Wilma Peterson is a running gag, popping up here and there throughout the show. An old lady enters a sweepstakes and receives a bill for merchandise she hasn’t ordered and has earthly use for. Letters addressed to “William Peterson” at her address hound her for payment; she ignores them for a while, then responds politely, then indignantly, until the scene repeated in the movie version, when the cops come to her door. “William Peterson?” “No, you must have the wrong Peterson.” Is this 101 Spring Streeet? “Yes, but…” “You’ll have to some along with us, Mister Peterson.”


About the Bluebird

The only moment in the show that isn’t ha-ha funny is the poignant, sentimental, strident “Save the Bluebird,” rendered soulfully by Sandra, who inspires it, gleefully spoting one on a limb, surprised, and educating me on the decline in bluebird population. She’s not only into nature (I’m ambivalent), but she sees things (I don’t).  CLICK for lyrics.

Bad Timing

State of the Union opens to a standing O at Kevin’s Wharf in South Boston four days before Nixon resigns, the very night a crew from WGBH is coming to review. Instead, we stop the show at 9:00, set up a TV set, and share his resignation speech with the few patrons who aren’t watching at home. Suddenly the joke’s passé. We spend the week refocusing on the new POTUS—and there’s plenty of fodder (“I’m a Ford, not a Lincoln; but I’m not an old jalopy!”)—only nobody wants to laugh. We fold, and the script goes on my shelf, to be revised again in ’76 (but not produced) as the Bicentennial Edition: “How Now, Patrick Henry?” in Grand Lake; yet again with teens and published on my For Hire blog as The Brink of Disaster; a Rock and Roll Burlesque for Future Generations (produced in ’92, music by Peter Gray). A fifth edition, all but abandoned, sees the world from Charlotte: “World Class, My Ass!”

I often wonder what comes next if the crook waits one more day. Especially when SNL shows up on NBC the following year. Lorne Michaels must have caught our act!

Alas, fantasy falls flat, and the real world settles in. The lease on the house runs out September 1, and we go separate ways: Peter moves in to Concord (closer to Boston) with his new girl friend and tennis partner, Sara; Doug takes off for New York, and the Grays are back out on a limb.

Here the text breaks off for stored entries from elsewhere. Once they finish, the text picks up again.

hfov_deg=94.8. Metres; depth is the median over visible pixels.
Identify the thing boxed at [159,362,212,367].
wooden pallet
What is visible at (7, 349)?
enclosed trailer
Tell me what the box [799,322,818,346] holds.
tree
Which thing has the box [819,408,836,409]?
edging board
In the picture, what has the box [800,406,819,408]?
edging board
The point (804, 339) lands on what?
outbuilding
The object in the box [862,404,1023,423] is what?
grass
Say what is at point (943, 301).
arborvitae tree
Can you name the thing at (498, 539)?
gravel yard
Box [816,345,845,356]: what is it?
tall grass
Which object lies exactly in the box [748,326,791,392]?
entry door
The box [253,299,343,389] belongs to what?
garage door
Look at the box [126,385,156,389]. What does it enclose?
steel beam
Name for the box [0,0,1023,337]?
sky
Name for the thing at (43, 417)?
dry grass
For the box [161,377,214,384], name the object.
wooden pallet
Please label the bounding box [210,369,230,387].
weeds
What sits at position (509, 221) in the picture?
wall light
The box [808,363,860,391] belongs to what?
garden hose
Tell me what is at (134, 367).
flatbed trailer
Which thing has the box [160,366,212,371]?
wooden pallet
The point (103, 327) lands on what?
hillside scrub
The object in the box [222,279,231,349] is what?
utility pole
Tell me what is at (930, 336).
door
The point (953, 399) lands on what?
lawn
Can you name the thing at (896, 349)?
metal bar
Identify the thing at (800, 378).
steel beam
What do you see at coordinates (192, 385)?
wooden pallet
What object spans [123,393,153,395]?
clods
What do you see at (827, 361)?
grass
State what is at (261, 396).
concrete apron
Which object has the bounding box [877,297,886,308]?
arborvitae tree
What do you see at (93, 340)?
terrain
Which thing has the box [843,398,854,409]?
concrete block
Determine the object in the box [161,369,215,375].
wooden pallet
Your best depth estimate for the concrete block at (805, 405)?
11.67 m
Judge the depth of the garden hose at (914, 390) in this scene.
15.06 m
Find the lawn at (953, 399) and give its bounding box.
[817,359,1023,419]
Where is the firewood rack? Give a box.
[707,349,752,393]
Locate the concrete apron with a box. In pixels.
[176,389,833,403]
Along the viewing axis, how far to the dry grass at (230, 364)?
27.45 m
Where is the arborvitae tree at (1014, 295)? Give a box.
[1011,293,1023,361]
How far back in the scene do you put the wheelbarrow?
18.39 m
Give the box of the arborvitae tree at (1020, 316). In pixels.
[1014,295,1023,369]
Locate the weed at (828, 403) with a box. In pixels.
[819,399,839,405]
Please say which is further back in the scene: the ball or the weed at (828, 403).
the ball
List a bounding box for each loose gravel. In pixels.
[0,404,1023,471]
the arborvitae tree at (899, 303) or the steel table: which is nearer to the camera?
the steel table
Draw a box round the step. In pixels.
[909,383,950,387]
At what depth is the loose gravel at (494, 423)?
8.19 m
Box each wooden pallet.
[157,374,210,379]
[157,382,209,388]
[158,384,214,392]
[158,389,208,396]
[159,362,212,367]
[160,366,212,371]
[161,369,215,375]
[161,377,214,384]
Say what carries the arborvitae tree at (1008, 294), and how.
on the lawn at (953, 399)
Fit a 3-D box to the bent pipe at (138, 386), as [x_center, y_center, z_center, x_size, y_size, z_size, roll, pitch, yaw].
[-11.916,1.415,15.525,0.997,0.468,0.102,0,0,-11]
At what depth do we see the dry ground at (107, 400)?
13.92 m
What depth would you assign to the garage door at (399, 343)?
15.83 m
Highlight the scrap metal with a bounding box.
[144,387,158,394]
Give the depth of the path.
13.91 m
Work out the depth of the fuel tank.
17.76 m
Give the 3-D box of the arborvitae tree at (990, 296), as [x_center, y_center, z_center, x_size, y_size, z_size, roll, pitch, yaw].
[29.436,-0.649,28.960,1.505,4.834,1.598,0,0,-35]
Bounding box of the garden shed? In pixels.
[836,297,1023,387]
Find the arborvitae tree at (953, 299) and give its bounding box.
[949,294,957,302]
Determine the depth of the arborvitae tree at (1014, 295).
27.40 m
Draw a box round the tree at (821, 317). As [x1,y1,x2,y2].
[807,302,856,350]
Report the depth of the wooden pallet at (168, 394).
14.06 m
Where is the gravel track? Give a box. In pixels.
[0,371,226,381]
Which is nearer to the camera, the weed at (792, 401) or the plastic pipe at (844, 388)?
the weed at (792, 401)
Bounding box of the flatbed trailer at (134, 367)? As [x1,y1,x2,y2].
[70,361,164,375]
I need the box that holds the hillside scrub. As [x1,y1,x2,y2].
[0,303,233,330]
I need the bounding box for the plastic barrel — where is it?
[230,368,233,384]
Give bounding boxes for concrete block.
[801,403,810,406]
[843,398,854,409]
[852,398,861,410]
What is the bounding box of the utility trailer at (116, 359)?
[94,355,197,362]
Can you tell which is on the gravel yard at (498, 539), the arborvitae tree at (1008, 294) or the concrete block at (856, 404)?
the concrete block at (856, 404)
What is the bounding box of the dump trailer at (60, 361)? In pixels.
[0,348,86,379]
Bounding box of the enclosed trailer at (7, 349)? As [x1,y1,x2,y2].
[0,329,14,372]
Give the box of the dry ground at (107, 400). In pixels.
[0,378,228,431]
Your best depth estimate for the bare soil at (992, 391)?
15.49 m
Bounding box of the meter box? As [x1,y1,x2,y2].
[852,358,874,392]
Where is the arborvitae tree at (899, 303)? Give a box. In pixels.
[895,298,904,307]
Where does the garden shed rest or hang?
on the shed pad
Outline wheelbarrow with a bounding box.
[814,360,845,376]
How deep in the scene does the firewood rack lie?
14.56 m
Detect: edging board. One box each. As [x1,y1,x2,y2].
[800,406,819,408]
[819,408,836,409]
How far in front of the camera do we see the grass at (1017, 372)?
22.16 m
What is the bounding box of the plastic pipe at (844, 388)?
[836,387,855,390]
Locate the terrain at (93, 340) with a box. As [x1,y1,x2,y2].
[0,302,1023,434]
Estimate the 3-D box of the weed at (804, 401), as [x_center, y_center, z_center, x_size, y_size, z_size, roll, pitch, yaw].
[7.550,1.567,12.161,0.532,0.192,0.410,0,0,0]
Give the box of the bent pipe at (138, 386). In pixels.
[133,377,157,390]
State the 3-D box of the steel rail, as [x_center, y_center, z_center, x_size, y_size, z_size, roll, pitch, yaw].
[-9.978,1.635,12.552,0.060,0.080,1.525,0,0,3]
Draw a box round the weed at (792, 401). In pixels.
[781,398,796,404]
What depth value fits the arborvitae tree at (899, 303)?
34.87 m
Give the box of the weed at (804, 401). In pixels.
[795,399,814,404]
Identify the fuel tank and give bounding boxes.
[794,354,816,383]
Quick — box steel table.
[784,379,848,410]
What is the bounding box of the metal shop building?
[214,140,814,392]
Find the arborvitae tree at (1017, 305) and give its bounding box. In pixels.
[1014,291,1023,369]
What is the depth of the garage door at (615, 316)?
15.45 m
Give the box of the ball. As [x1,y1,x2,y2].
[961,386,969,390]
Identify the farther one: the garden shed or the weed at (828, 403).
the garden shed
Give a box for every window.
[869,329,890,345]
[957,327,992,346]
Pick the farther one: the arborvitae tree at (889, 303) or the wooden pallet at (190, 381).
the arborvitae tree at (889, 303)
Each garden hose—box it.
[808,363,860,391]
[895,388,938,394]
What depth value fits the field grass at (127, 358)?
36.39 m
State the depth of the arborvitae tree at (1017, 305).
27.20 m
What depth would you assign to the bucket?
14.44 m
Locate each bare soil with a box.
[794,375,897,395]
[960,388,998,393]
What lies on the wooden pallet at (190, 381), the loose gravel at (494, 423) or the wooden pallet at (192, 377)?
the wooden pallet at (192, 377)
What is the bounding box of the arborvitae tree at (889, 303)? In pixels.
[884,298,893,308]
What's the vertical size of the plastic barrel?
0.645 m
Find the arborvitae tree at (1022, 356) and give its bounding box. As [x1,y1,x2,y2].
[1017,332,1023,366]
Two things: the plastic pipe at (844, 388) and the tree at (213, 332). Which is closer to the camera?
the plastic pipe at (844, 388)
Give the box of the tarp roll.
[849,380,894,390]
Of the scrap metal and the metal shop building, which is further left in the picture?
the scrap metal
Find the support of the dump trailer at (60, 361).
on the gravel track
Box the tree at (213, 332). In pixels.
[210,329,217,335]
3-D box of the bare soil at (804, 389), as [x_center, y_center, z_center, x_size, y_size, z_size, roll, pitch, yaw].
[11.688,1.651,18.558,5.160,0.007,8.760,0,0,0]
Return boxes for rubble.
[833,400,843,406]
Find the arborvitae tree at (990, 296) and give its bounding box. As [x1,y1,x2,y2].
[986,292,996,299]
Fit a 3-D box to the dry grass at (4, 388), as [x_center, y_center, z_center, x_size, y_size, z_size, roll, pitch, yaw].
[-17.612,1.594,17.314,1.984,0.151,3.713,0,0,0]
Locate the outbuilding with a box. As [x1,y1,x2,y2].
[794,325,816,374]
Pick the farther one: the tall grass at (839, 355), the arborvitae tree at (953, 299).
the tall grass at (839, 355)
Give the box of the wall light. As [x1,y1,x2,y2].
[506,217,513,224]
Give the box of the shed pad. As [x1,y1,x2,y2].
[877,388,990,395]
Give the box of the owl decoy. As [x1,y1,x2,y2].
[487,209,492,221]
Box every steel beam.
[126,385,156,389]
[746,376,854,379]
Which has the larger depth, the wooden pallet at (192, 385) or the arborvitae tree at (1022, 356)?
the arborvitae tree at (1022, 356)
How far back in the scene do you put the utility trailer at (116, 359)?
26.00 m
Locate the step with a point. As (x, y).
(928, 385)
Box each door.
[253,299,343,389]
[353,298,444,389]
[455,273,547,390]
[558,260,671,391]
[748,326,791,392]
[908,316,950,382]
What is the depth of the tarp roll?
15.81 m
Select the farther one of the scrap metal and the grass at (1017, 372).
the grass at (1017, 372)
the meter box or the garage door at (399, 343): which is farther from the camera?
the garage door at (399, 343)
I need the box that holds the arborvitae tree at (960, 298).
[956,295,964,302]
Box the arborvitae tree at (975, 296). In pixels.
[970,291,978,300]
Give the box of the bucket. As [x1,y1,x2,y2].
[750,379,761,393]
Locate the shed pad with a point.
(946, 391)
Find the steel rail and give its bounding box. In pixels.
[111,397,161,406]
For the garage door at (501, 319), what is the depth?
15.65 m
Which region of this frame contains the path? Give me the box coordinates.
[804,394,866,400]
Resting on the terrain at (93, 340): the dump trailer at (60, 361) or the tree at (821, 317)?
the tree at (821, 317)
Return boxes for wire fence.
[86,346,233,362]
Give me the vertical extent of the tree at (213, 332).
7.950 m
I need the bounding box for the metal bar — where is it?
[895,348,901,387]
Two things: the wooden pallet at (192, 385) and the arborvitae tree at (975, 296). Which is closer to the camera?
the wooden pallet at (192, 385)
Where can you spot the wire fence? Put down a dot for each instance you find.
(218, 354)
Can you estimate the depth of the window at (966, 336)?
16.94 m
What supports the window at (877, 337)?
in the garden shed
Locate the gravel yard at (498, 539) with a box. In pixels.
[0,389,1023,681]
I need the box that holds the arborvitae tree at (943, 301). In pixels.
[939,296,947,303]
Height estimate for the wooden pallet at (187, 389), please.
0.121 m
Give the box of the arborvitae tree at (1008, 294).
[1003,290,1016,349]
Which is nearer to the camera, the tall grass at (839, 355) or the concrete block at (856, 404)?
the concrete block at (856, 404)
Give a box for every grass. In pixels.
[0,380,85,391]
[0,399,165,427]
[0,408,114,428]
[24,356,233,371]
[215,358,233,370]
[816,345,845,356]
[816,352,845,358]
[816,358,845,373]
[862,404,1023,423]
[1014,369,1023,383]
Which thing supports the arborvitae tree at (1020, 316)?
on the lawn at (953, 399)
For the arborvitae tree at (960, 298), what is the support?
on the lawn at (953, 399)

The national economy is in deep recession, and what few jobs there are are those for which I’m over-qualified. It’s funny, but it isn’t. I’m all but broke.

A Glimmer of Hope

The last week of August, out of the blue, I get a call from Alice Peterson. (Who? Oh. Yes.) “Can we meet for lunch?” I’ll be in Boston Monday for Ulysses. “How about the Ritz?” Okay. I feel a little guilty now for taking down her post. Am I her only applicant?